After the darkness had lingered for a couple hours, I took my fifteen minute break at work. For the first ten minutes, I hid in the bathroom, crying hard as I quietly could, & for the last five minutes I curled up on a bench in the lobby, soothing myself with reminders that this was not actual reality & that this awful, disturbing feeling would end at some point. Ending my break with breathing exercises, I returned to work, still shaken by my episode, & still remaining in my episode. I felt a little better, but not much, & my confidence in my ability to end the episode was very weak. The humourous conversations of my coworkers & the tasks at hand slightly helped ground me in reality, as much as my mind would allow.
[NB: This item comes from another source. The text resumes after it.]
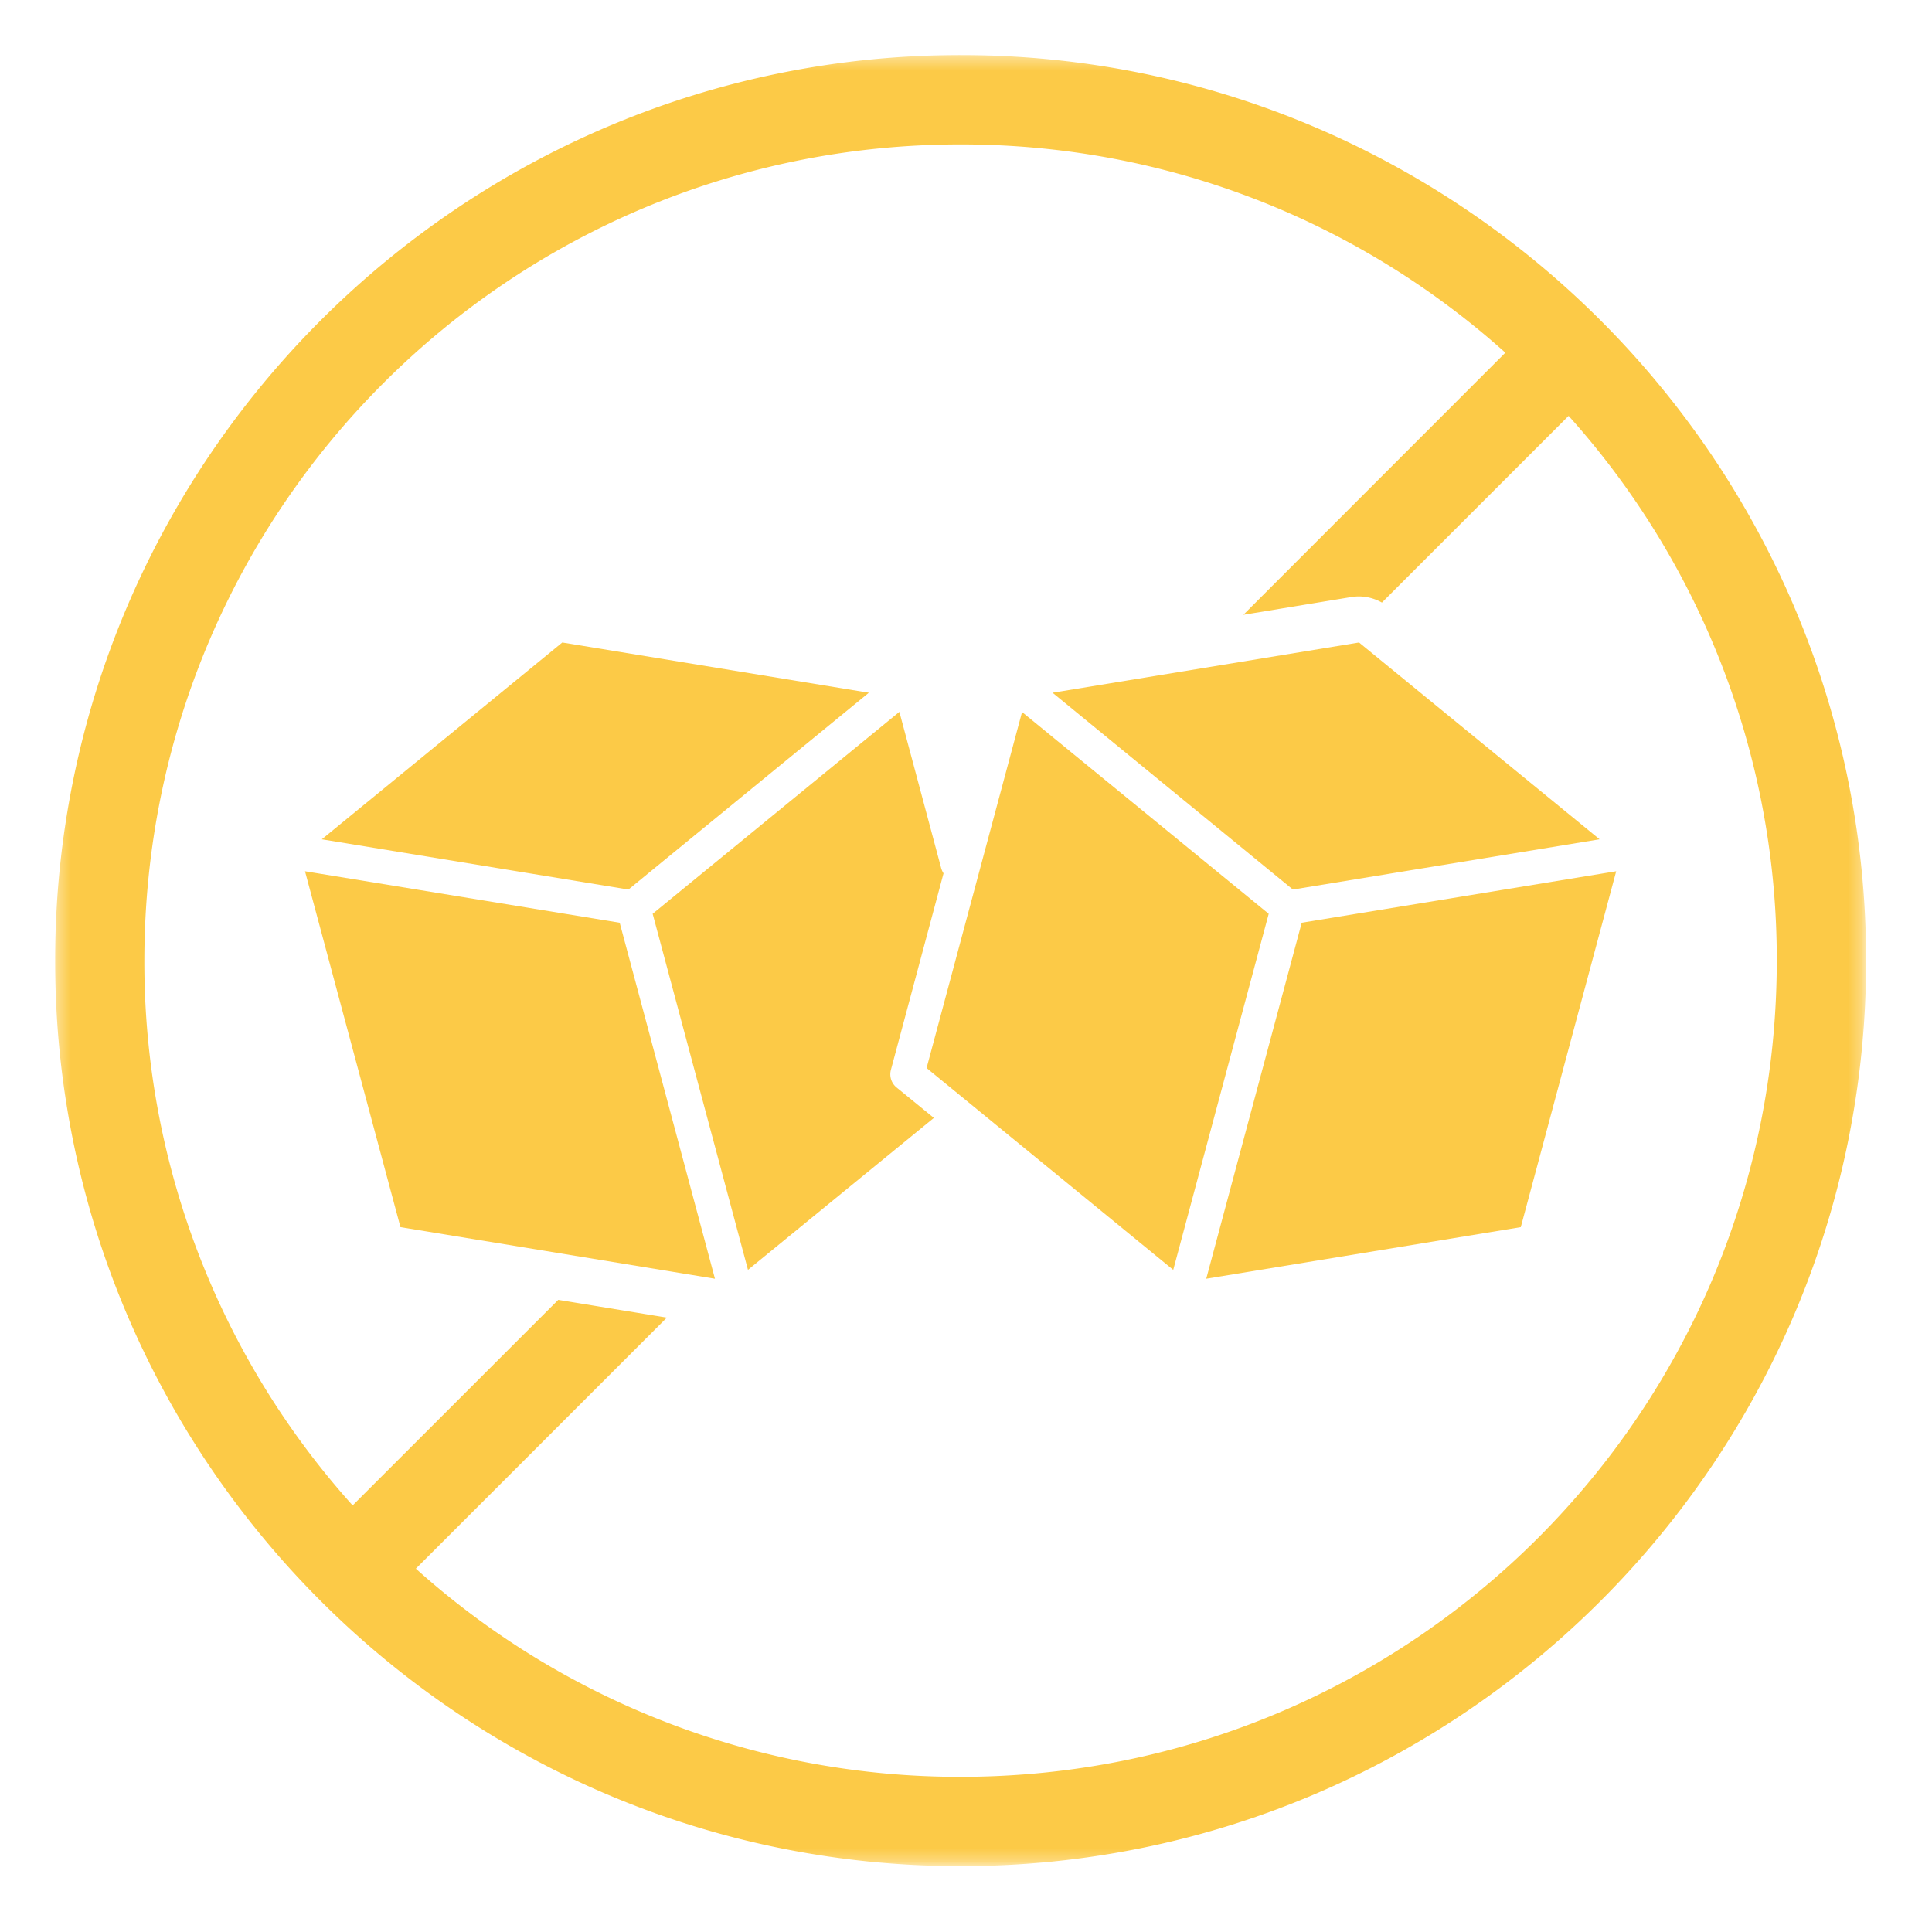 <svg xmlns="http://www.w3.org/2000/svg" width="150" height="150" fill="none" xmlns:v="https://vecta.io/nano"><mask id="A" maskUnits="userSpaceOnUse" x="4" y="4" width="141" height="141"><path d="M4.344 4.344h140.374v140.374H4.344V4.344z" fill="#fff"/></mask><g mask="url(#A)"><path fill-rule="evenodd" d="M74.588 11.211c16.265 0 31.079 6.12 42.287 16.172L96.536 47.732l8.396-1.38c.812-.131 1.645.027 2.36.432l14.495-14.495a63.1 63.1 0 0 1 16.161 42.303c0 35.036-28.323 63.36-63.36 63.36-15.614.03-30.685-5.728-42.301-16.163L51.776 102.3l-8.432-1.38-15.964 15.959a63.08 63.08 0 0 1-16.172-42.288c0-35.047 28.333-63.38 63.38-63.38zm0-6.937C35.796 4.273 4.281 35.8 4.281 74.591s31.516 70.297 70.307 70.297 70.297-31.511 70.297-70.297-31.51-70.317-70.297-70.317z" fill="#fcca47"/></g><path d="M43.656 49.883L24.984 65.164l23.807 3.901 18.667-15.281-23.801-3.901zm61.86 0l-23.797 3.901 18.661 15.281 23.812-3.901-18.676-15.281zm-35.688 5.385L50.672 70.946l7.401 27.645 14.432-11.797-2.896-2.364a1.32 1.32 0 0 1-.437-1.375l4.084-15.249c-.076-.118-.135-.246-.177-.38l-3.251-12.157zm9.524.013l-7.412 27.64 19.15 15.672 7.412-27.645-19.151-15.667zM23.68 67.645l7.412 27.631 24.417 4.005-7.396-27.64-24.433-3.996zm101.801 0l-24.416 3.995-7.412 27.64 24.421-4.005 7.407-27.629z" fill-rule="evenodd" fill="#fcca47"/></svg>

The episode eventually ended, & I was hugely relieved.
Many friends repeatedly say that I create my own reality & am responsible for the outcome, including my happiness & ridding myself of depression. But this has proven untrue in my life for quite awhile: my mind is not my own during an episode. I struggle to understand the boundaries between mental illness & my own habitual thought patterns: one is me losing control of my mind, & the other is me controlling my own mind; one is an explanation for my dark side, & the other is an excuse for my dark side. The more I think about it, the more I embarrassingly recognize many things as “episodic” behaviour, things that drove people away or bore some unpleasant consequence. Where is the line? What is in my power, & how the hell can I take control of it? When attacked by psychosis of some sort, I become terrified of my mind; when the symptoms subside, I still am terrified & feel out of control of my own thoughts. Am I letting the dark side take over, in the sense that I have control to stop it all?, or am I legitimately out of control of my mind due to an actual illness?